Background: Proximal epithelioid sarcoma (PES) is an aggressive variant of epithelioid sarcoma most often occurring in soft tissue of proximal limbs and characterized by polygonal cells, marked nuclear atypia, and varied rhabdoid features. Morphologic and immunohistochemical (IHC) similarities between PES and malignant extra-renal rhabdoid tumors (MRT) pose a diagnostic challenge and may suggest a relationship between the two. Both tumors are extremely rare within the head and neck and both are characterized by loss of INI1/SMARCB1 expression. The molecular events involving SMARCB1 seem to differ however, with point mutations more common in MRT and deletions in PES.

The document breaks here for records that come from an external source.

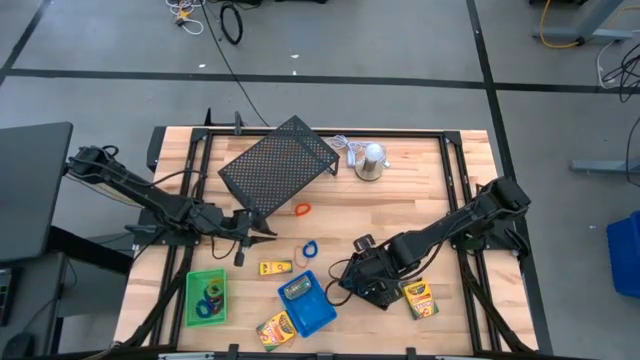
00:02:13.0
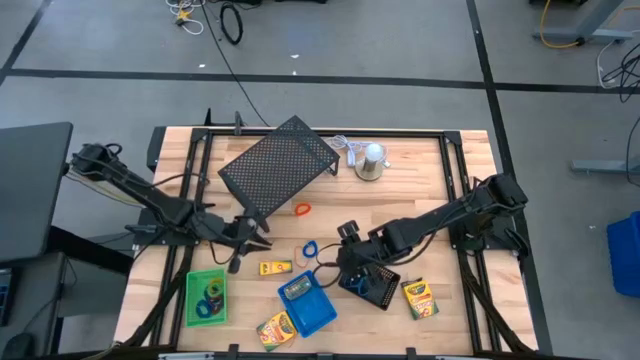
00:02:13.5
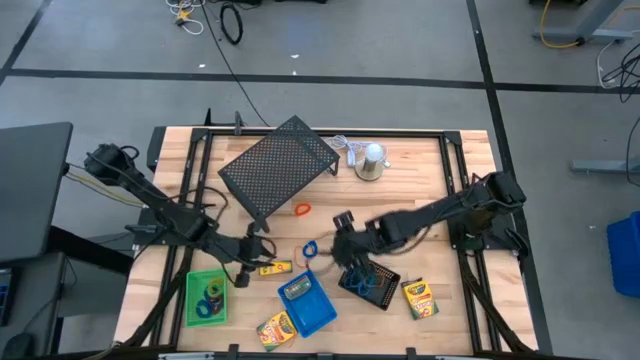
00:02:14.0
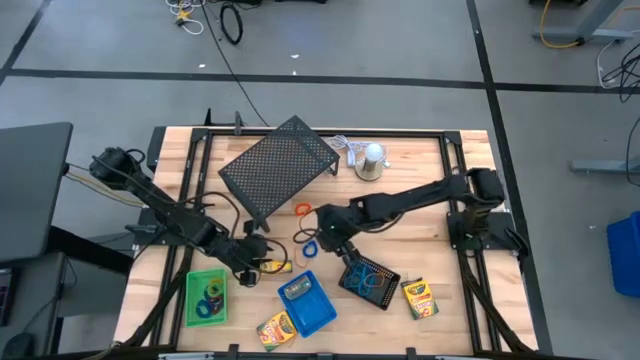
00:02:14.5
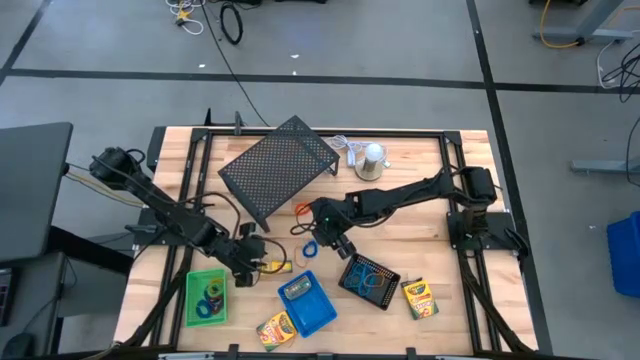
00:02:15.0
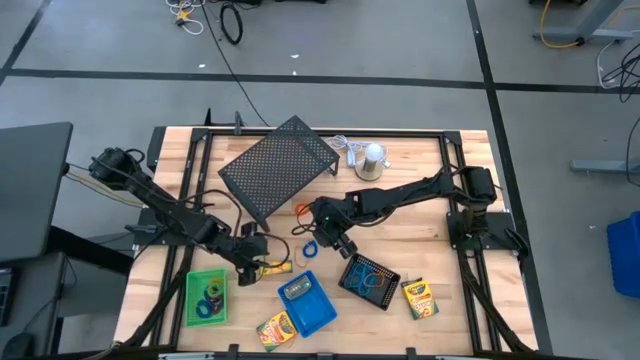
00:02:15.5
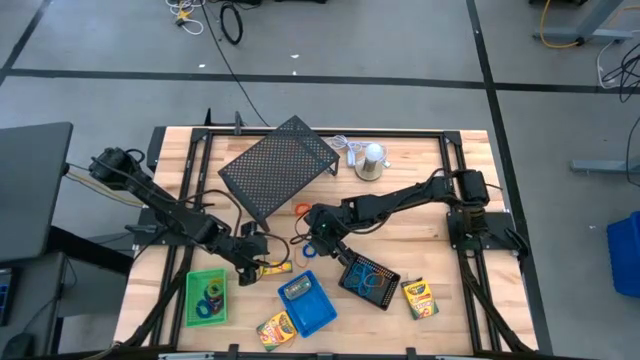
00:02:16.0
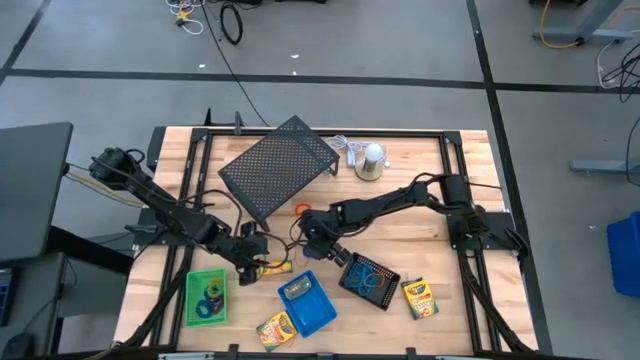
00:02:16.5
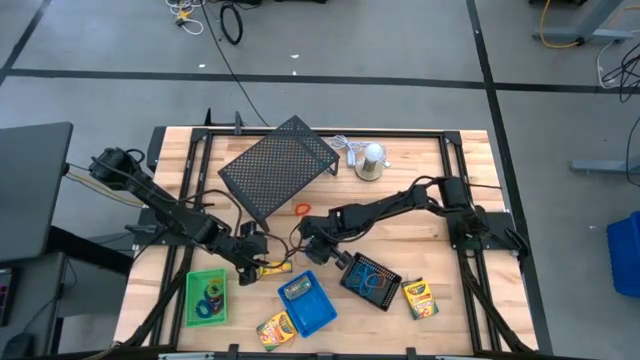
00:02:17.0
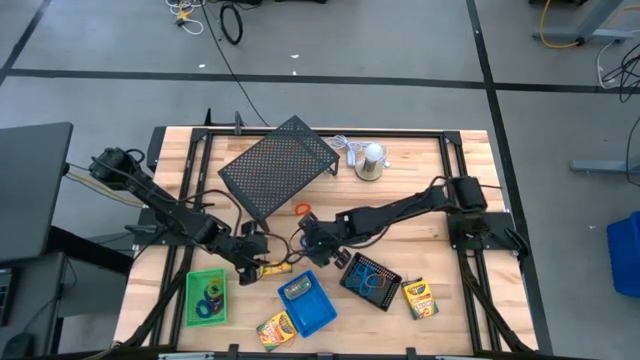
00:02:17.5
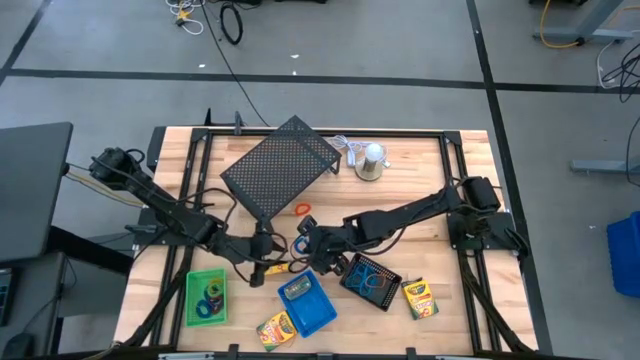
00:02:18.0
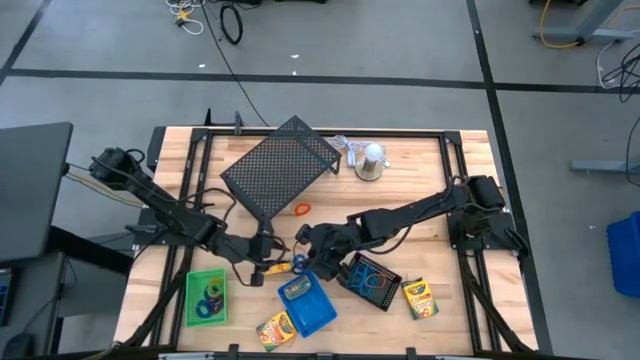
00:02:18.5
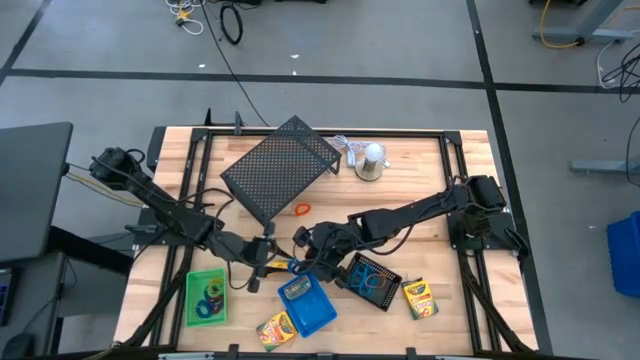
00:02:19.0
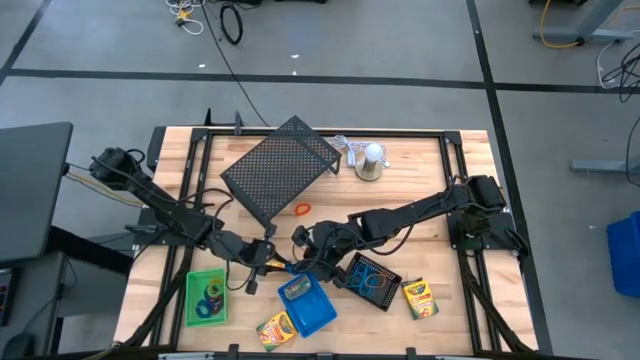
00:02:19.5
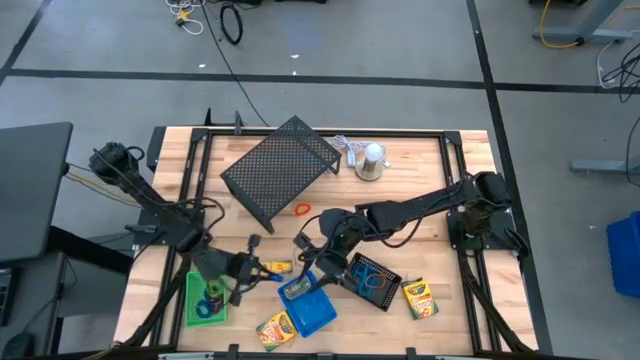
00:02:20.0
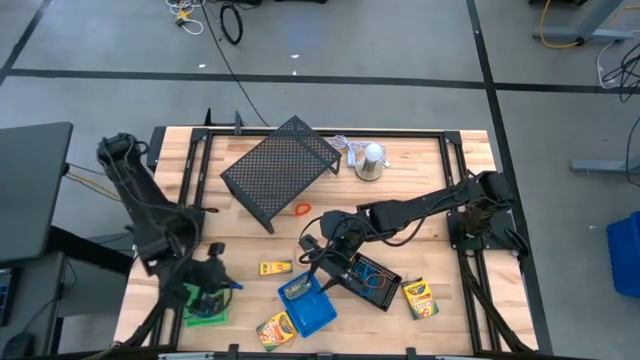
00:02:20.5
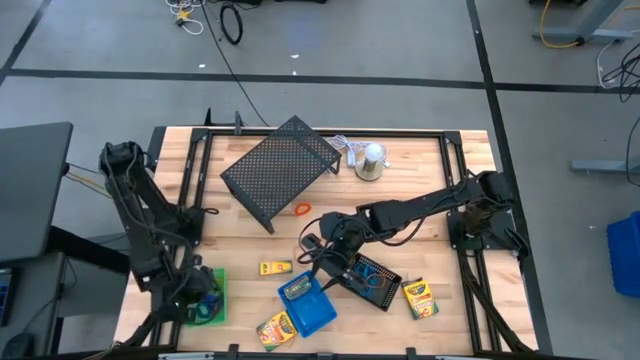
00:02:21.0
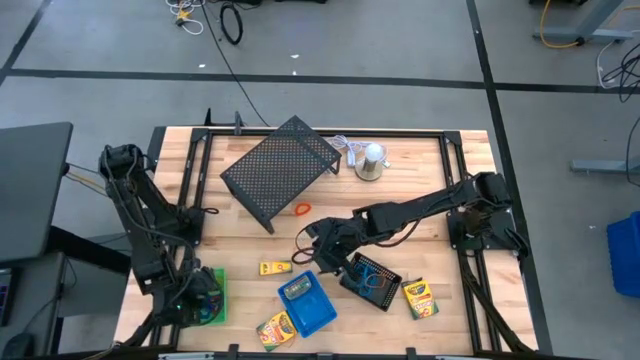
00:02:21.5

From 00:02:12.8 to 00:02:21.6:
Task: Pick & Place Office Desk Supplies
Put the blue spiral keychain into the green bin

Design: Three PES of HN were evaluated. The patients were ages 9, 43, and 71 years old, and tumor locations were posterior para-median neck, sinonasal, and retro-orbital respectively. Histologic and IHC sections were evaluated. Mutation analysis by direct sequencing of the promoter and 9 exons of SMARCB1, multiplex ligation-dependent probe amplification (MLPA), and whole genome single nucleotide polymorphism (SNP) array were performed on frozen tissue from the two adult cases.
Results: Morphologically the tumors were composed of poorly differentiated discohesive cells with eccentric, oval nuclei. Some tumor cells featured abundant eosinophilic inclusion-like cytoplasm, imparting a rhabdoid appearance. All tumors showed cytokeratin reactivity and lack of SMARCB1 expression; no myoid differentiation was identified by IHC. There were no mutations in the promoter region or coding sequence of the SMARCB1 gene. One of the two tumors showed heterozygous deletion in chromosome 22 by MLPA and whole genome SNP array.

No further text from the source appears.